Stored data:
__________

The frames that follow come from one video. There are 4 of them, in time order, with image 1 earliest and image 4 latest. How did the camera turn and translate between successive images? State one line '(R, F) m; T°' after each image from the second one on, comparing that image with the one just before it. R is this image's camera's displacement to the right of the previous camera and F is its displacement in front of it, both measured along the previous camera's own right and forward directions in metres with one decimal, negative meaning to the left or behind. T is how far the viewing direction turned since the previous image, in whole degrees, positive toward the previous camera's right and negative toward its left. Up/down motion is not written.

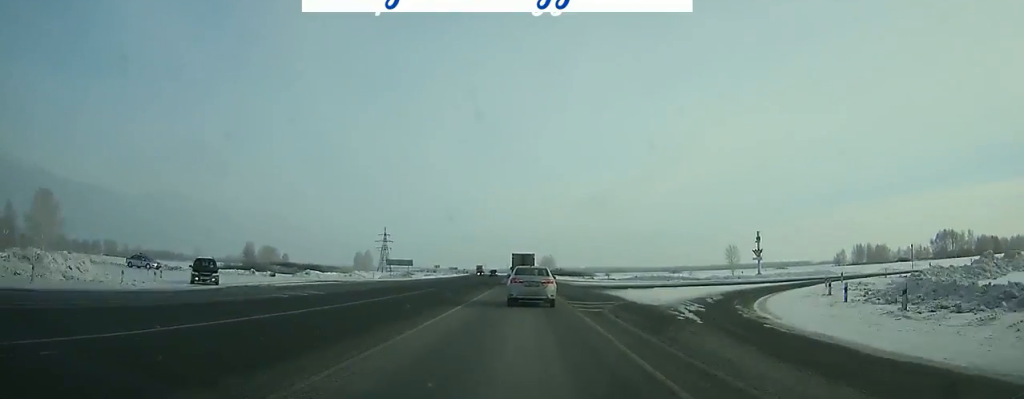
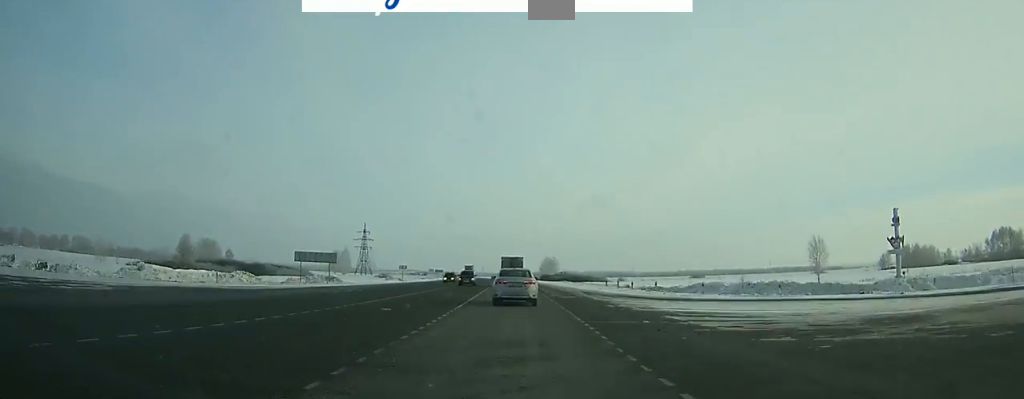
(-0.4, +41.3) m; -1°
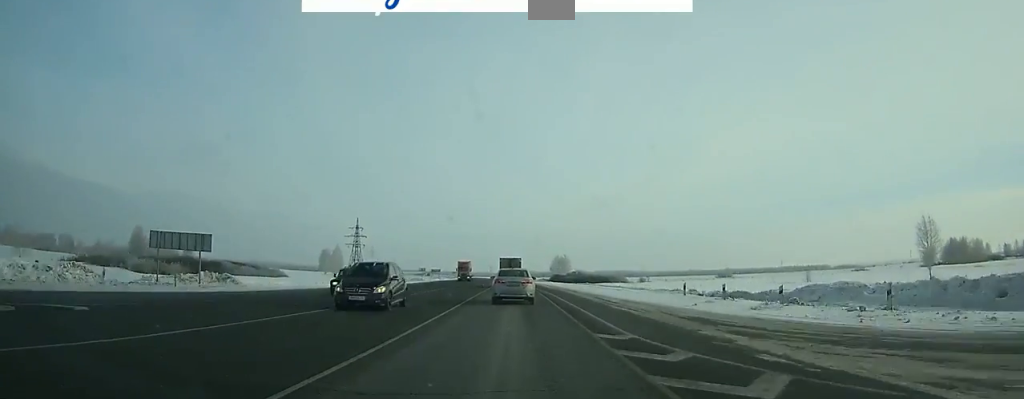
(0.0, +27.0) m; -1°
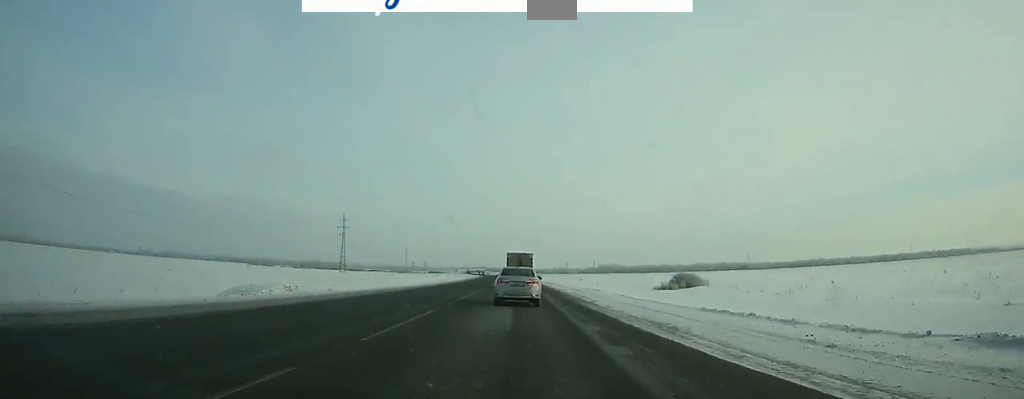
(-19.2, +282.3) m; -7°
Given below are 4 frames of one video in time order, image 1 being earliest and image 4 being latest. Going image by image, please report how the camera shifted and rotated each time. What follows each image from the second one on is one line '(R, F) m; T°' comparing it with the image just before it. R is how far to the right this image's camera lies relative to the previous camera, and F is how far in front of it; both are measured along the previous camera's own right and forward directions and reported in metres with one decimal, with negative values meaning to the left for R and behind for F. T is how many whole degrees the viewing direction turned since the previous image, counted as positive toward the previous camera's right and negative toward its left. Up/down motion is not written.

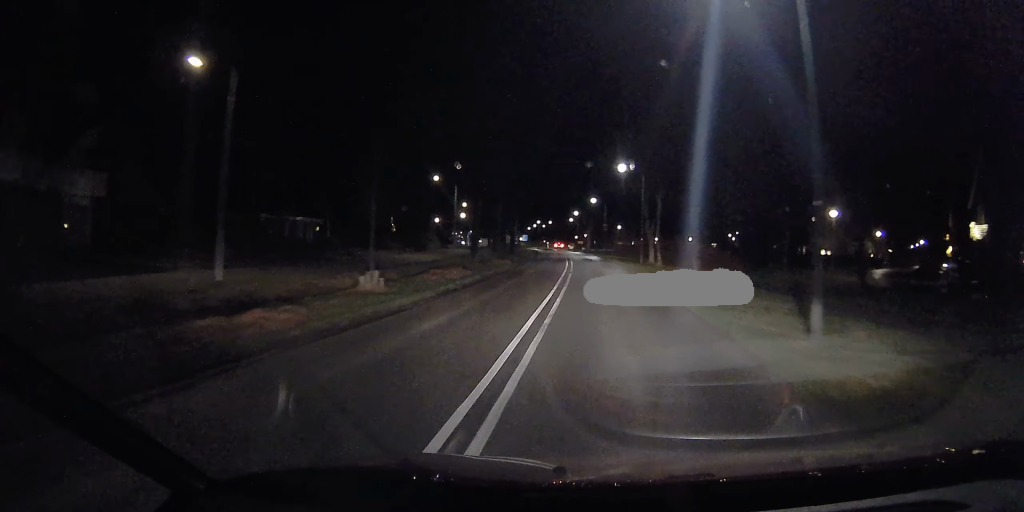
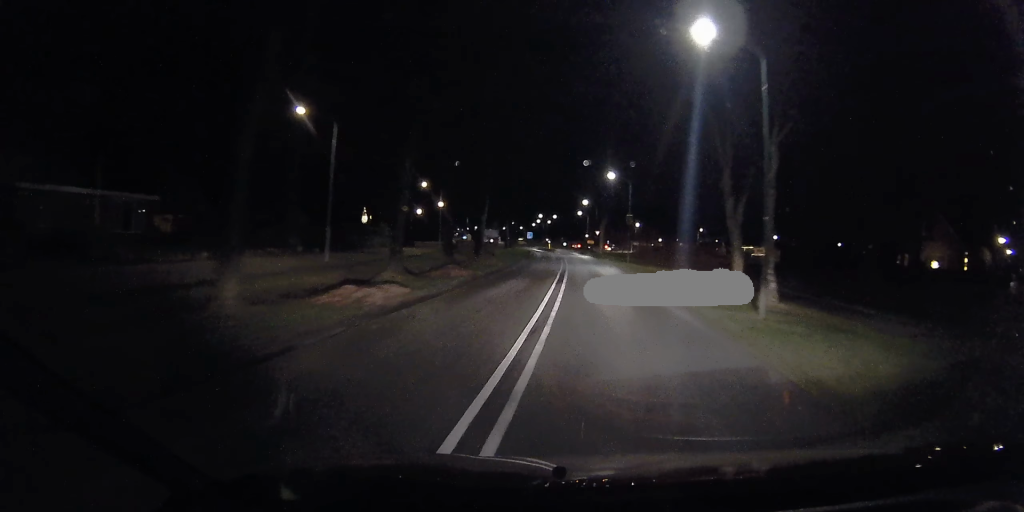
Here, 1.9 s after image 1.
(+0.1, +26.0) m; 0°
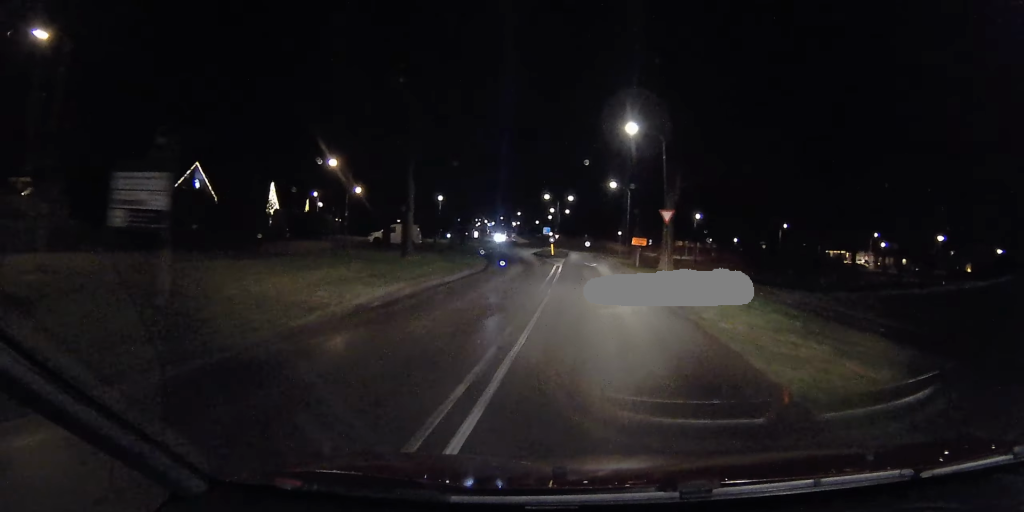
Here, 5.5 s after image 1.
(-1.8, +46.9) m; -4°
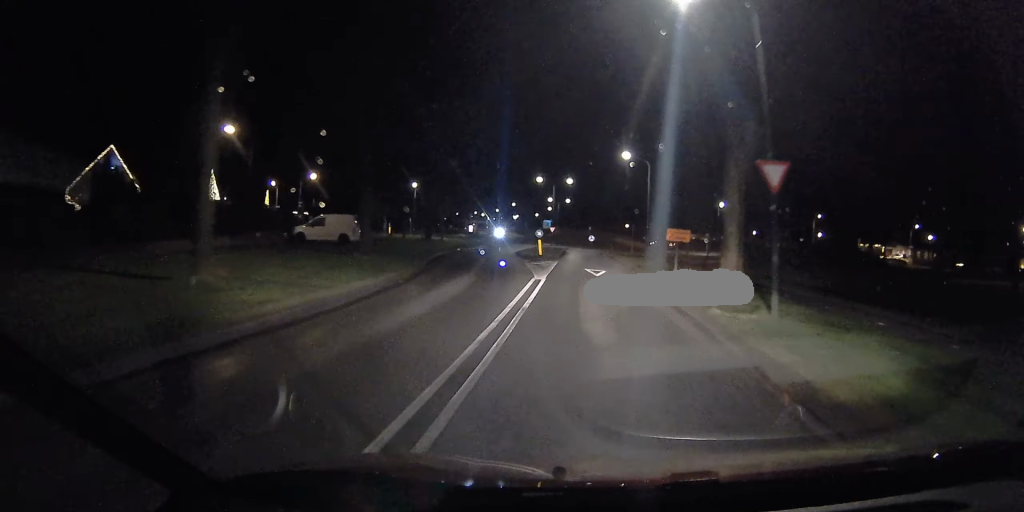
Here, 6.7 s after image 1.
(+0.3, +14.9) m; +2°
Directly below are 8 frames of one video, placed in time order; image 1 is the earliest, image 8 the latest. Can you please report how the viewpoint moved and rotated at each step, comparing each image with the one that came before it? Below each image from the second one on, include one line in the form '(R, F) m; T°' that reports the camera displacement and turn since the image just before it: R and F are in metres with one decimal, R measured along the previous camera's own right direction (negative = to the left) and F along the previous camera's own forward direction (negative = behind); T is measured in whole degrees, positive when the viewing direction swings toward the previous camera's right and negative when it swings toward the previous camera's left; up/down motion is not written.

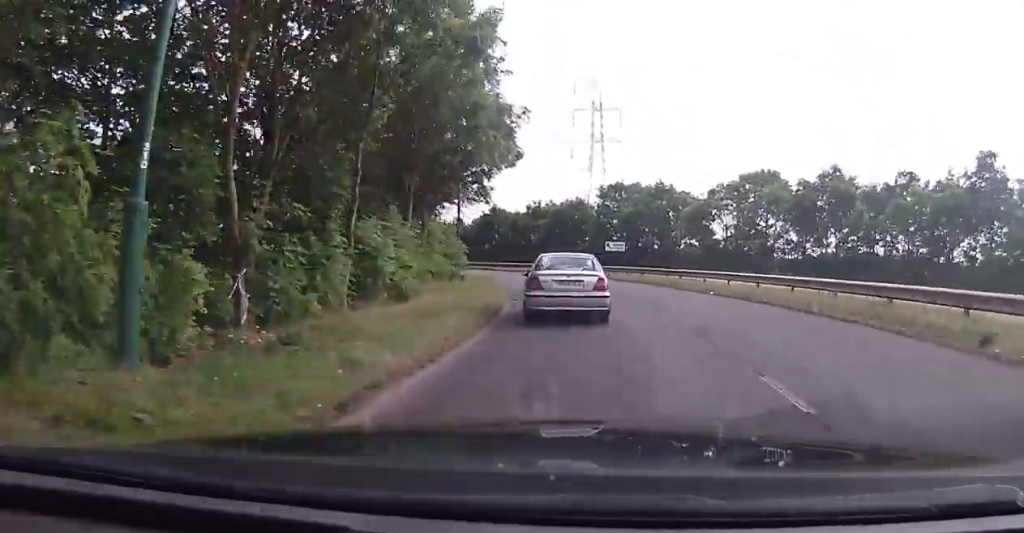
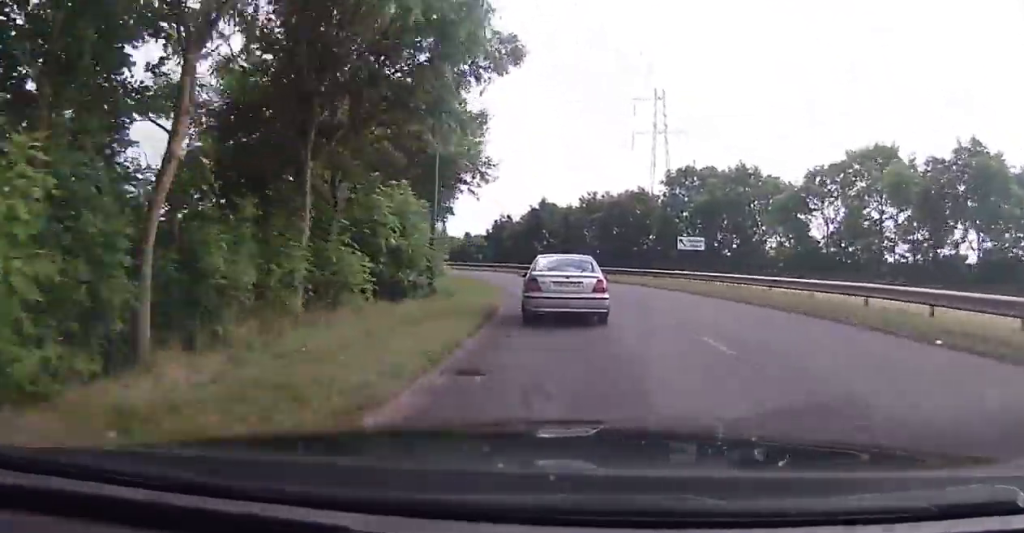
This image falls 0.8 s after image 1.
(-0.6, +14.0) m; -5°
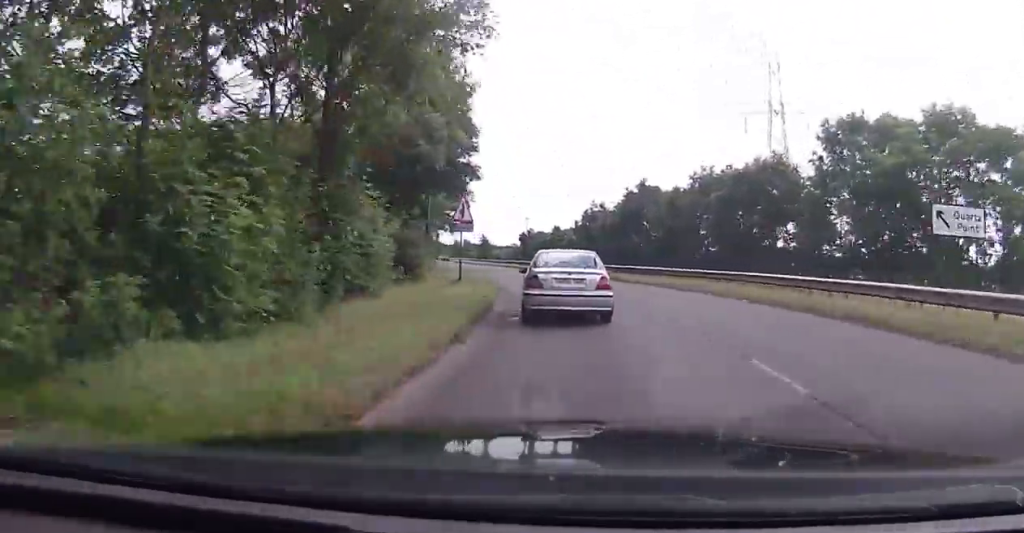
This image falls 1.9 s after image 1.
(-1.3, +20.3) m; -8°
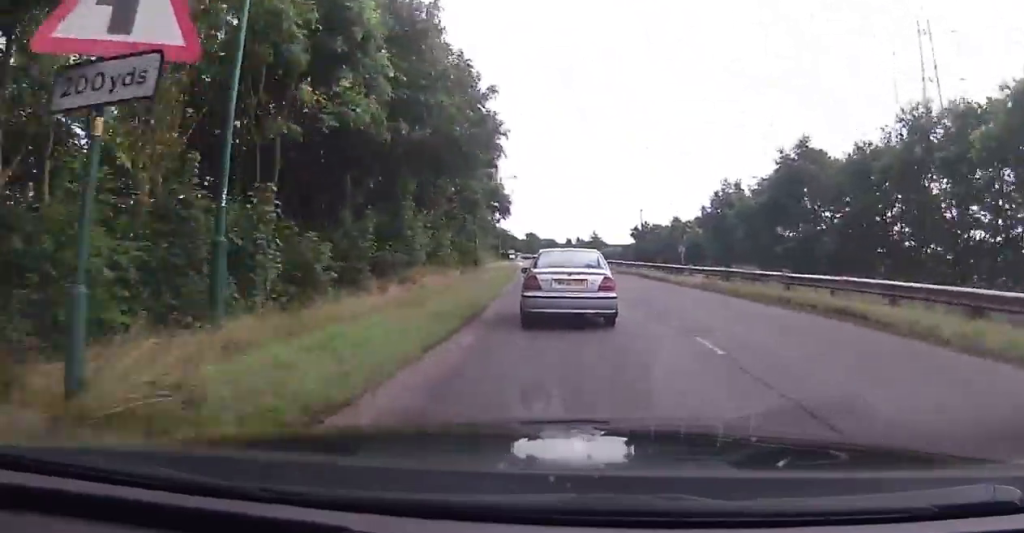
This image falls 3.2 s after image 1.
(-1.8, +23.6) m; -11°
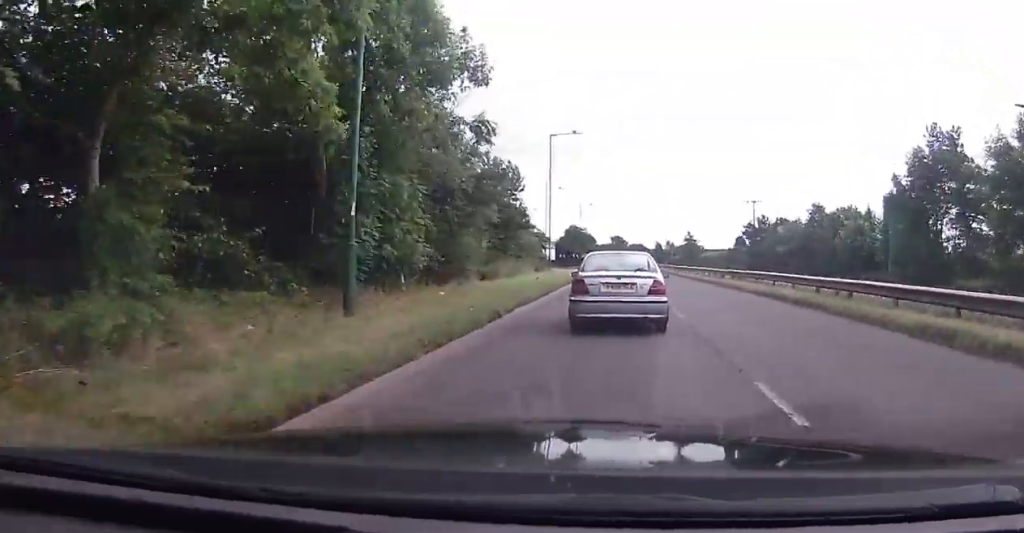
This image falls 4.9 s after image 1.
(-2.7, +29.9) m; -6°
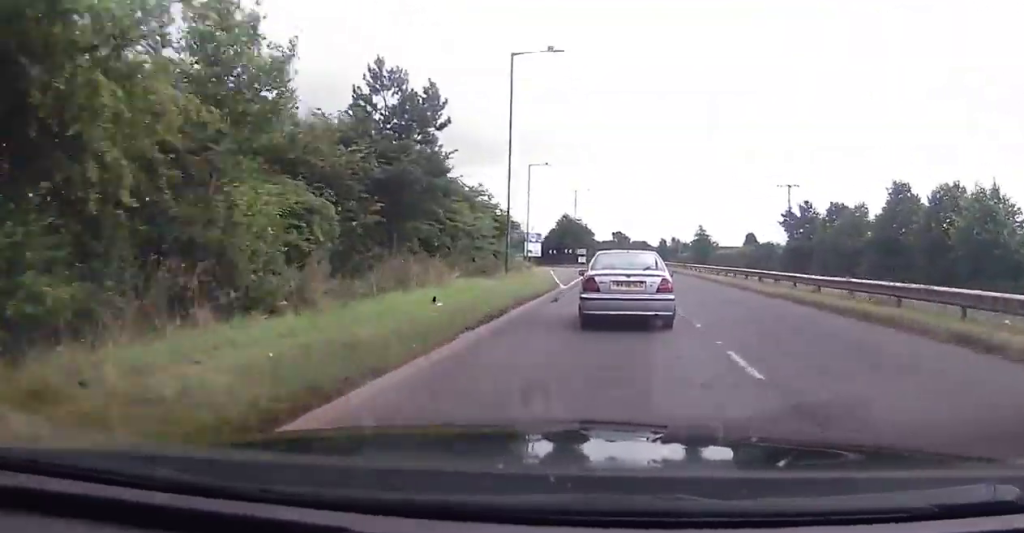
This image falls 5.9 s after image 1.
(-0.1, +19.1) m; 0°
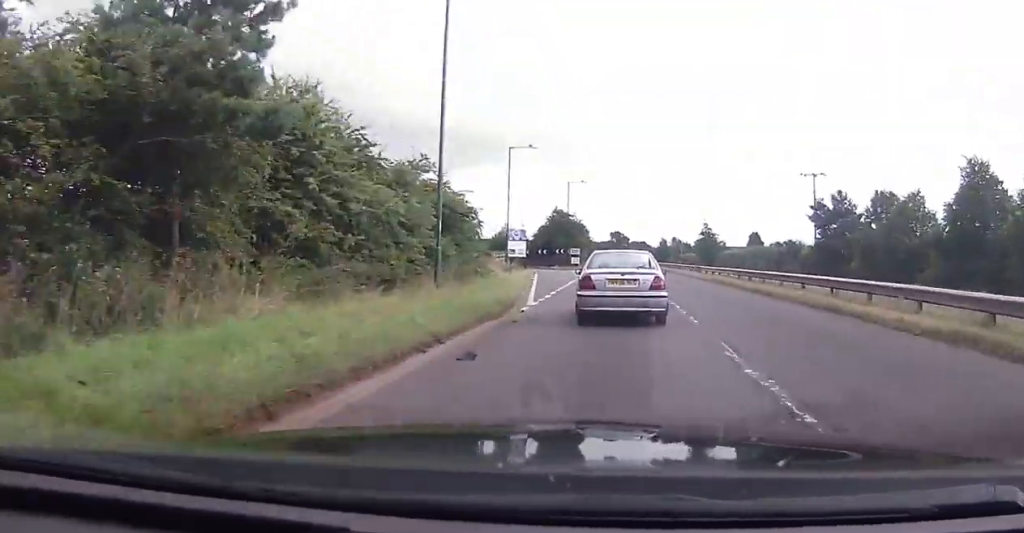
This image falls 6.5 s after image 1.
(0.0, +11.0) m; 0°
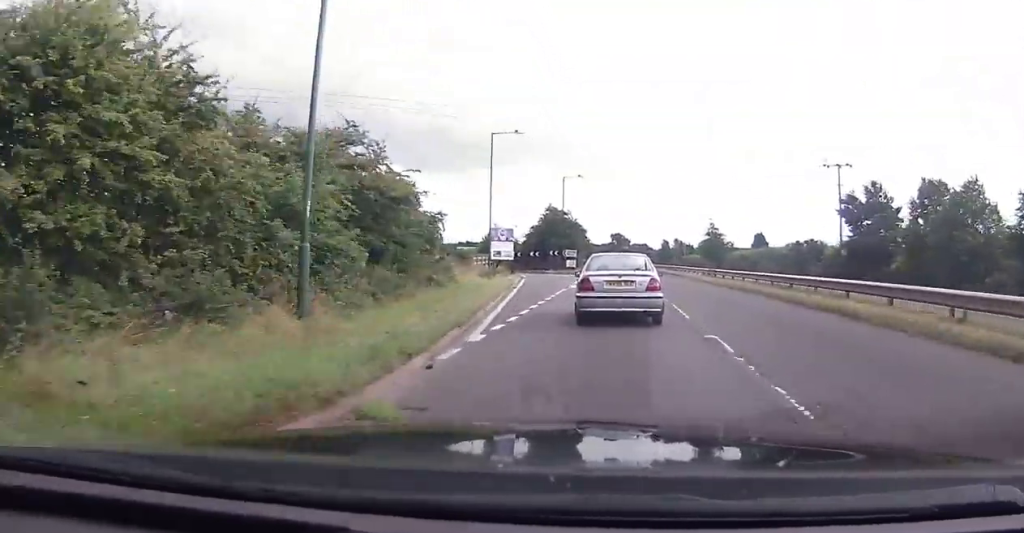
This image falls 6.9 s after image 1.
(0.0, +8.0) m; 0°

__________

Goal of the exercise:
The answer must be an exact copy of the records, with no images in it.

Task solution:
The frames that follow come from one video. There are 4 of them, in time order, with image 1 earliest and image 4 latest. How did the camera turn and translate between successive images? State one line '(R, F) m; T°' after each image from the second one on, comparing that image with the one just before it. R is this image's camera's displacement to the right of the previous camera and F is its displacement in front of it, both measured along the previous camera's own right and forward directions in metres with one decimal, negative meaning to the left or behind. T is how far the viewing direction turned since the previous image, in whole degrees, positive toward the previous camera's right and negative toward its left. Up/down motion is not written.

(-0.4, +41.3) m; -1°
(0.0, +27.0) m; -1°
(-19.2, +282.3) m; -7°
Given below are 4 frames of one video in time order, image 1 being earliest and image 4 being latest. Going image by image, please report how the camera shifted and rotated each time. What follows each image from the second one on is one line '(R, F) m; T°' comparing it with the image just before it. R is how far to the right this image's camera lies relative to the previous camera, and F is how far in front of it; both are measured along the previous camera's own right and forward directions and reported in metres with one decimal, with negative values meaning to the left for R and behind for F. T is how many whole degrees the viewing direction turned since the previous image, counted as positive toward the previous camera's right and negative toward its left. Up/down motion is not written.

Here, 1.9 s after image 1.
(+0.1, +26.0) m; 0°
Here, 5.5 s after image 1.
(-1.8, +46.9) m; -4°
Here, 6.7 s after image 1.
(+0.3, +14.9) m; +2°
Directly below are 8 frames of one video, placed in time order; image 1 is the earliest, image 8 the latest. Can you please report how the viewpoint moved and rotated at each step, comparing each image with the one that came before it? Below each image from the second one on, include one line in the form '(R, F) m; T°' that reports the camera displacement and turn since the image just before it: R and F are in metres with one decimal, R measured along the previous camera's own right direction (negative = to the left) and F along the previous camera's own forward direction (negative = behind); T is measured in whole degrees, positive when the viewing direction swings toward the previous camera's right and negative when it swings toward the previous camera's left; up/down motion is not written.

This image falls 0.8 s after image 1.
(-0.6, +14.0) m; -5°
This image falls 1.9 s after image 1.
(-1.3, +20.3) m; -8°
This image falls 3.2 s after image 1.
(-1.8, +23.6) m; -11°
This image falls 4.9 s after image 1.
(-2.7, +29.9) m; -6°
This image falls 5.9 s after image 1.
(-0.1, +19.1) m; 0°
This image falls 6.5 s after image 1.
(0.0, +11.0) m; 0°
This image falls 6.9 s after image 1.
(0.0, +8.0) m; 0°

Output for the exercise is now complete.